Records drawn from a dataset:
******

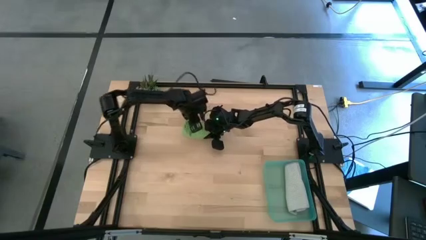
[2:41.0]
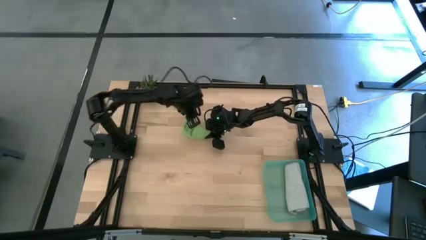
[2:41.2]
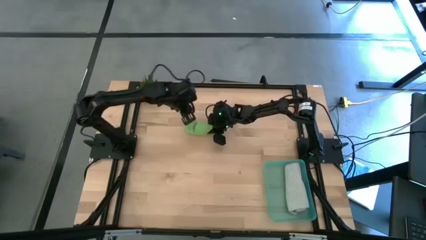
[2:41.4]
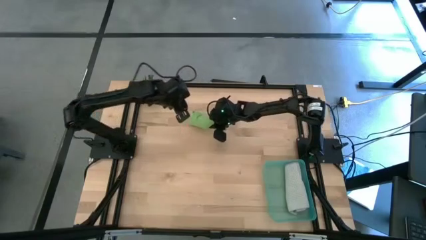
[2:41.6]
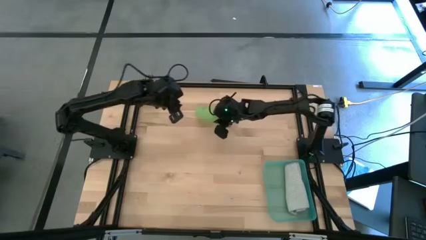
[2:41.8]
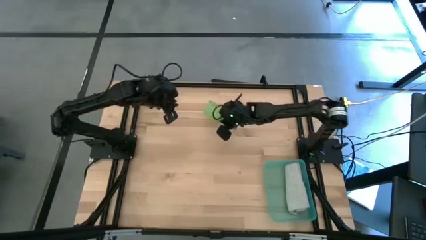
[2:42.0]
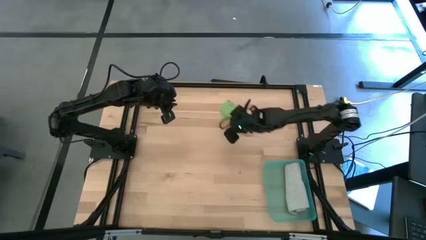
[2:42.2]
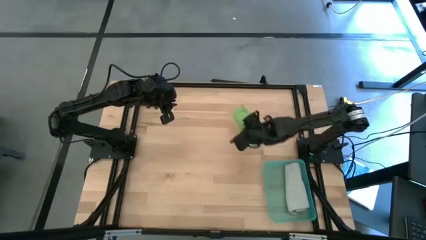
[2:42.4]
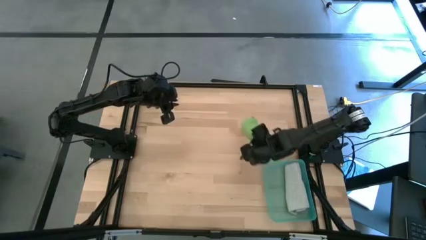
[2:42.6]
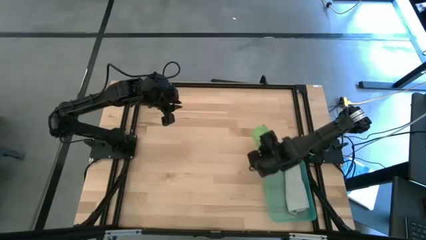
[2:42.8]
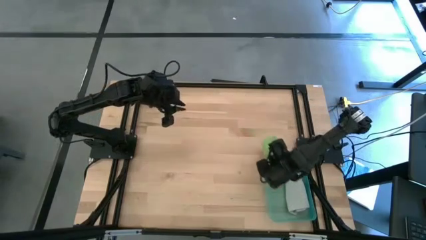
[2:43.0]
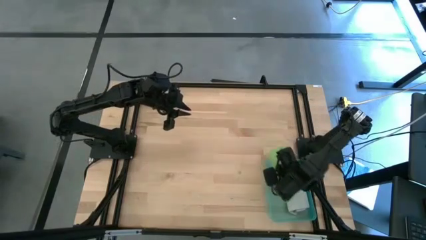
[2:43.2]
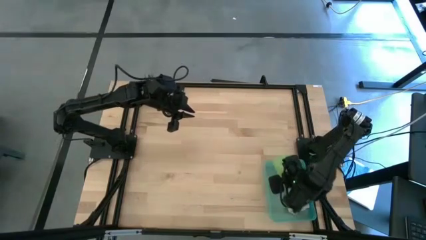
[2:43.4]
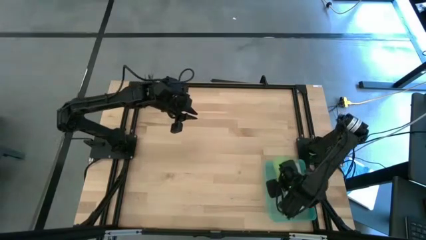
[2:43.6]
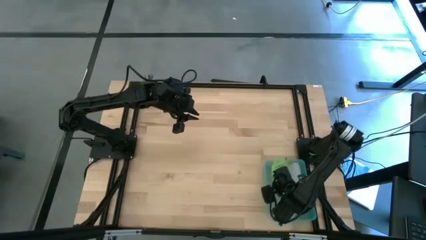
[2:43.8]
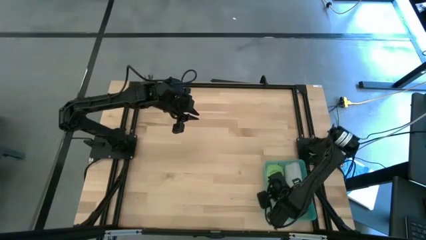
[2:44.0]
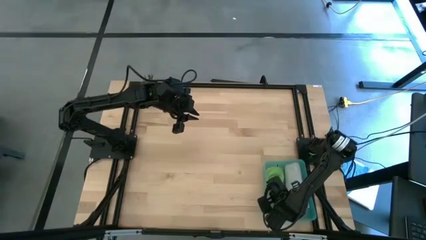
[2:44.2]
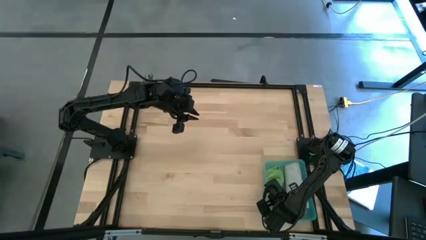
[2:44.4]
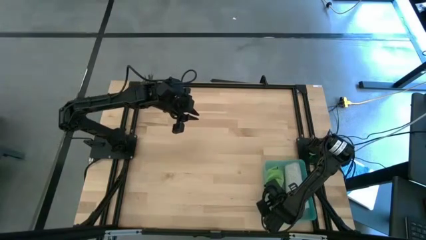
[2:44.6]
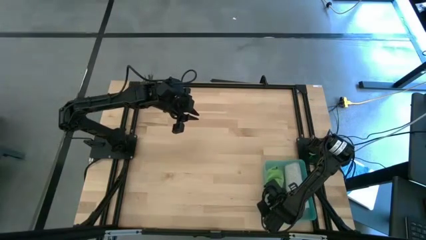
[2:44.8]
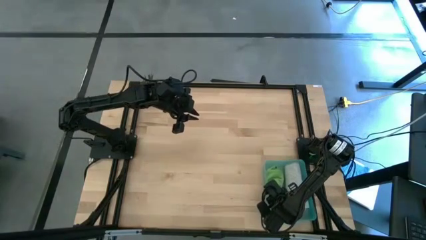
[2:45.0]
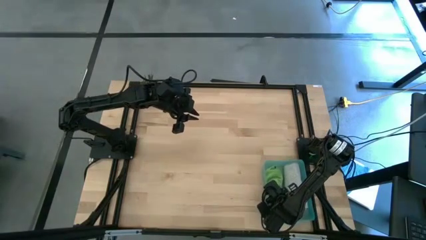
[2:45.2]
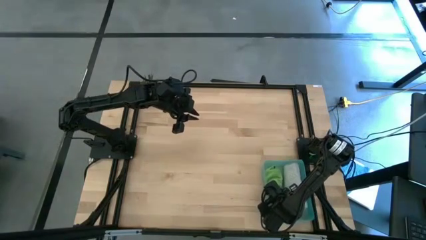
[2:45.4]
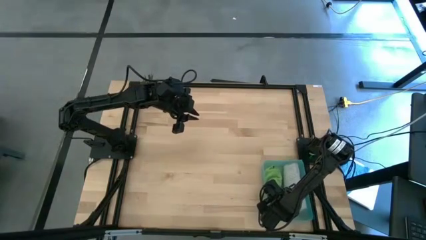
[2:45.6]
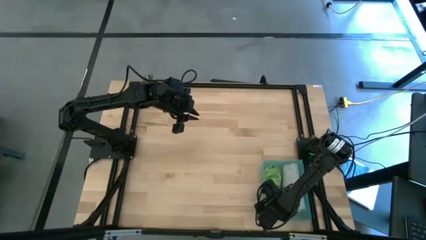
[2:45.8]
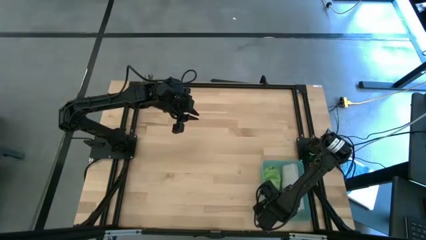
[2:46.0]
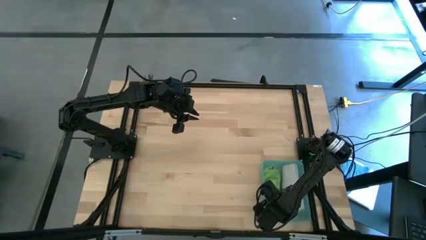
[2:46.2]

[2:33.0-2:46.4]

******

DIRECTIONS FOR THIS TASK:
With the images left out, set down every entry exactly.

YOUR SOLUTION:
[2:41.0]
[2:41.2]
[2:41.4]
[2:41.6]
[2:41.8]
[2:42.0]
[2:42.2]
[2:42.4]
[2:42.6]
[2:42.8]
[2:43.0]
[2:43.2]
[2:43.4]
[2:43.6]
[2:43.8]
[2:44.0]
[2:44.2]
[2:44.4]
[2:44.6]
[2:44.8]
[2:45.0]
[2:45.2]
[2:45.4]
[2:45.6]
[2:45.8]
[2:46.0]
[2:46.2]

[2:33.0-2:46.4]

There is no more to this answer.